Wow what a beautiful picture!!


----------



## Sezra (May 20, 2011)

What a gorgeous picture with the sun shining through the trees and such lovely looking doggies! Your walks must be a lot of fun!


----------



## Rufini (Sep 9, 2011)

how lucky are you?!? Some of us are still stuck at work


----------



## MillieDog (Jun 1, 2011)

Lovely morning walk. I must agree it was nice out this morning.


----------



## lady amanda (Nov 26, 2010)

Wow!!!!!! Great pic!


----------



## embee (Dec 27, 2010)

Lovely photo of the perfect walk


----------



## Jedicrazy (Apr 26, 2011)

Fabulous dogs, fabulous place, fabulous photo!


----------



## Mogdog (Feb 6, 2011)

What a lovely start to your day, lovely photo ... thanks for sharing. Sue x


----------



## strof51 (Sep 26, 2009)

Thats my sort of walk, and a great start to the day.


----------



## sharplesfamily (Apr 28, 2011)

I love my early morning walks in this weather. All so peaceful and beautiful. Your photo is stunning Karen xx


----------



## Jukee Doodles (Apr 5, 2011)

Absolutely gorgeous moment and you we're there I guess, because the dogs needed walking..........shows what joy having a dog can bring.

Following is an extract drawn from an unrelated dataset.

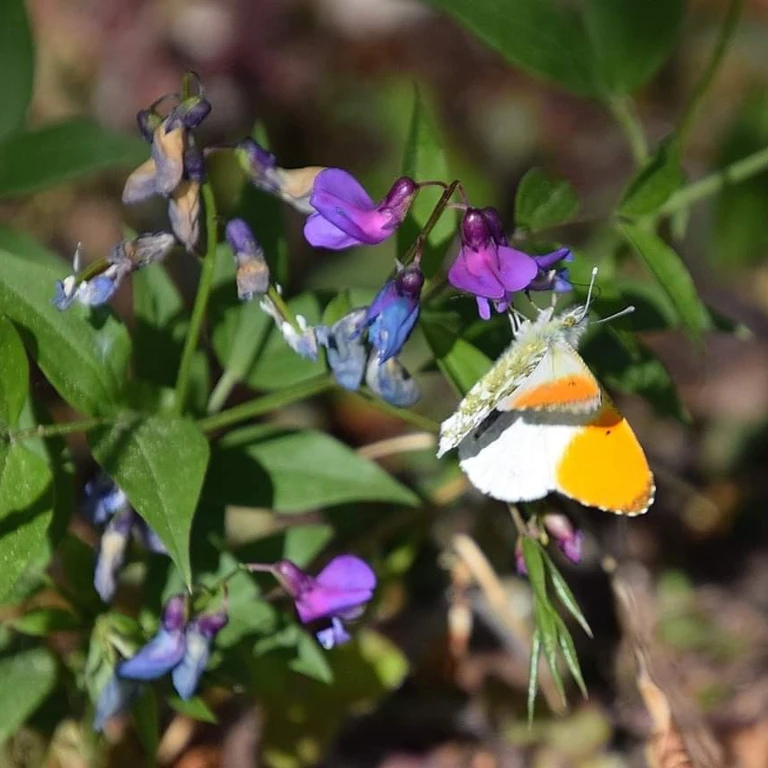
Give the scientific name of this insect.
Anthocharis cardamines
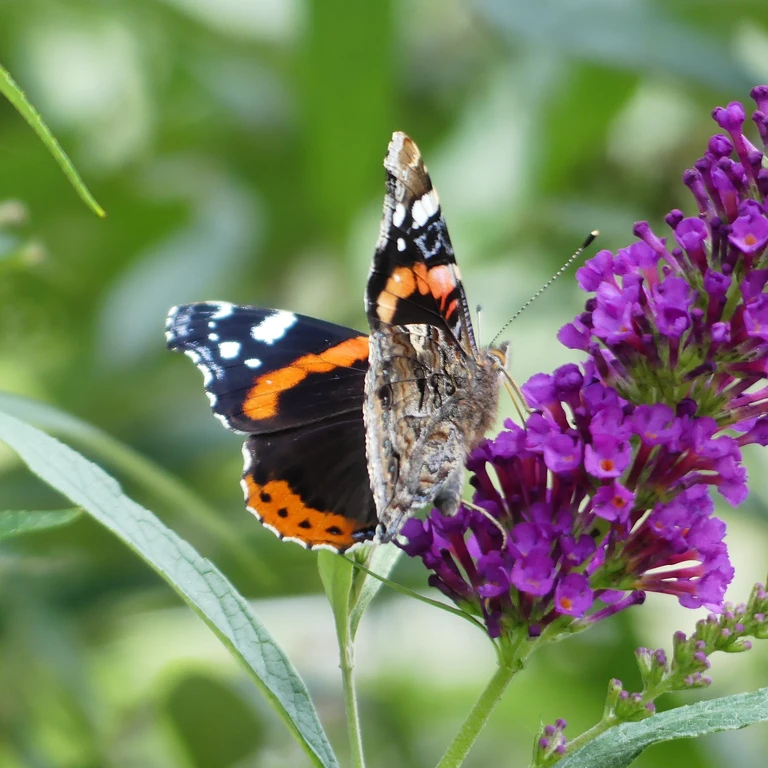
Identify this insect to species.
Vanessa atalanta

J xx


----------



## jools (Nov 11, 2010)

lovely pic x


----------



## wilfiboy (Sep 18, 2010)

Looks just like the lovely walk I had this morning very similar set up, I met the lovely Crumble and had a great time.... apart from mine showing me up... we'd been saying how they never go far away.. and then mine sodded off... thought Wilf was going back to where he'd lost his ball but I think he'd found somewhere to drink then thought he'd try another route with Mable in tow she came back but on the opposite side of the wall and Wilf just stood waiting for us to catch up .... we might not be welcome again


----------



## Jedicrazy (Apr 26, 2011)

wilfiboy said:


> ... we'd been saying how they never go far away.. and then mine sodded off...

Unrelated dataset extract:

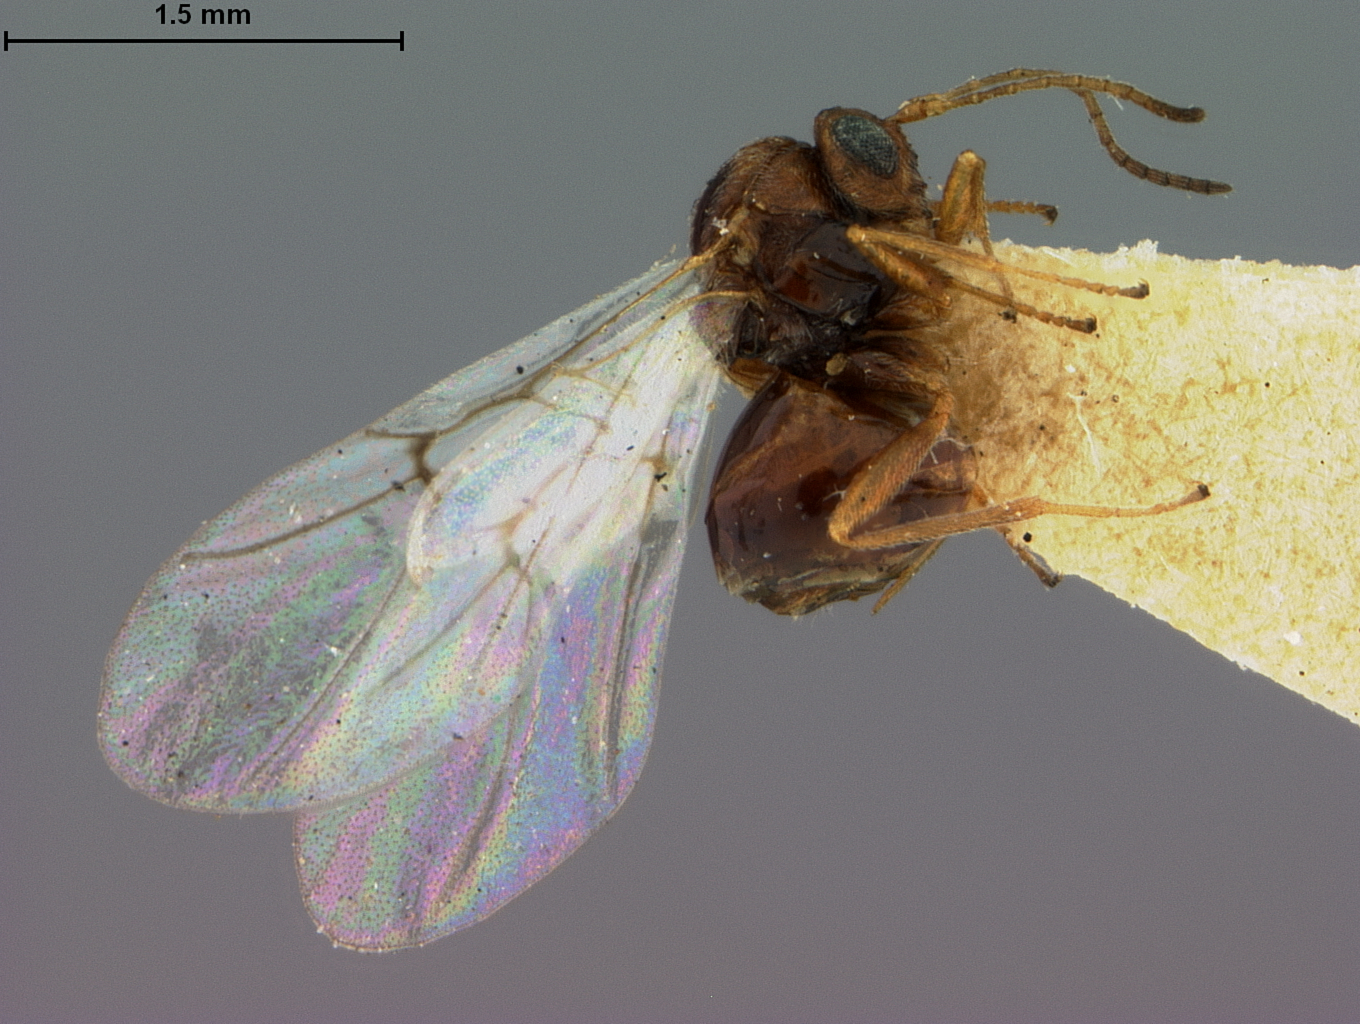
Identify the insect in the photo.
Andricus splendens
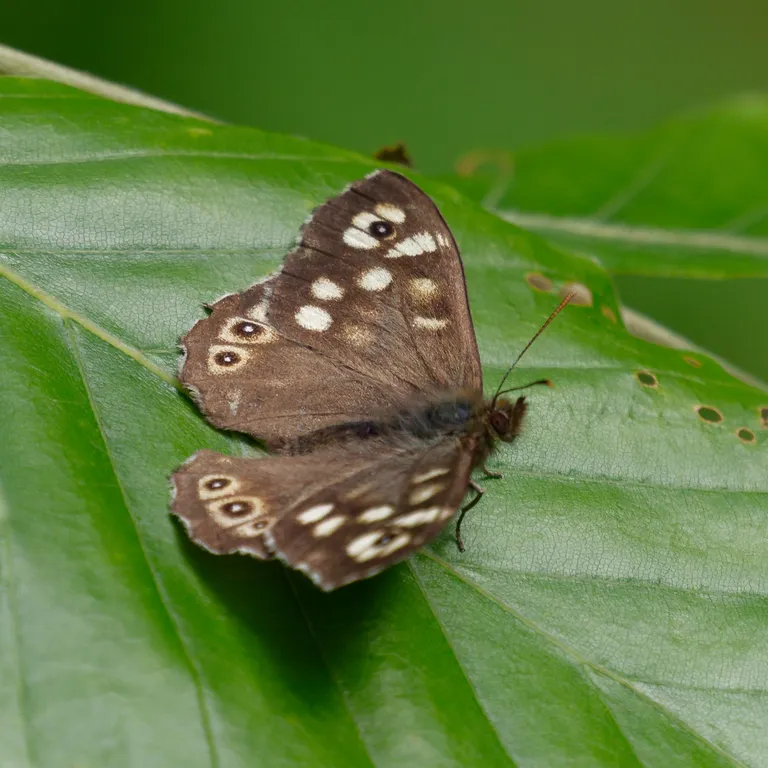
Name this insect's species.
Pararge aegeria

lol Karen, I shouldn't laugh but your turn of phrase is so funny :laugh: and they did come back, sort of


----------



## wilfiboy (Sep 18, 2010)

I could nt believe it ... nothing like them cooking up we'll show you lol... yeh they did nt run away we just did nt keep up x x


----------



## Turi (Jun 28, 2011)

Beautiful photo Karen. 

Dare I ask what are the Labradoodles and Goldendoodles like? Are they similar in temperament to Rufus? We know Rufus is a big boy - how much bigger than him are they? 

Turi x


----------



## wellerfeller (Jul 12, 2011)

Turi thats a dangerous question.......you will end up tying yourself in even bigger knots!!!!!!! xx


----------



## Cockapoodledoo (Feb 8, 2011)

Turi said:


> Beautiful photo Karen.
> 
> Dare I ask what are the Labradoodles and Goldendoodles like? Are they similar in temperament to Rufus? We know Rufus is a big boy - how much bigger than him are they?
> 
> Turi x


Hi Turi,

I've got several friends with Goldendoodles. They have very similar temperaments to Cockapoos ....... very happy dogs. But ....... they can be huge! Maisie, who is white (most common Goldendoodle colour) is sitting down in the photo and so it's quite hard to see but she is quite small for a Goldendoodle and is significantly larger than Rufus. My friend lives down the road from me and has two Goldendoodles with almost identical ages to my two Cockapoos. Our experiences are very similar but everything for her is on a bigger scale and that includes crates, food (bigger dogs need more food!), Vet bills (the larger the dog the more expensive the costs of flea and worm treatments, anaesthetics for neutering etc) and of course they take up more room about the house and in a vehicle! They're great dogs but for me I prefer the medium size of a Cockapoo .....easier for cuddles on the sofa too! Lol 

The Labradoodles in the photo are not really representative of the cross either as they are Australian Labradoodles so smaller ...... but still taller than Rufus. In my experience Labradoodles are the most difficult to predict size,temperament and coat type. An awful lot of Labradoodles shed unless they have been back crossed to another poodle (therefore being 3/4 Poodle and 1/4 Labrador). I've met some great Labradoodles and some pretty unstable ones too ....but maybe that is more down to a lack of early training.

Karen xx


----------



## Turi (Jun 28, 2011)

Hi Karen,

Thank you for that. 

We’re moving to a modest three-bed house so we have to take size into consideration. 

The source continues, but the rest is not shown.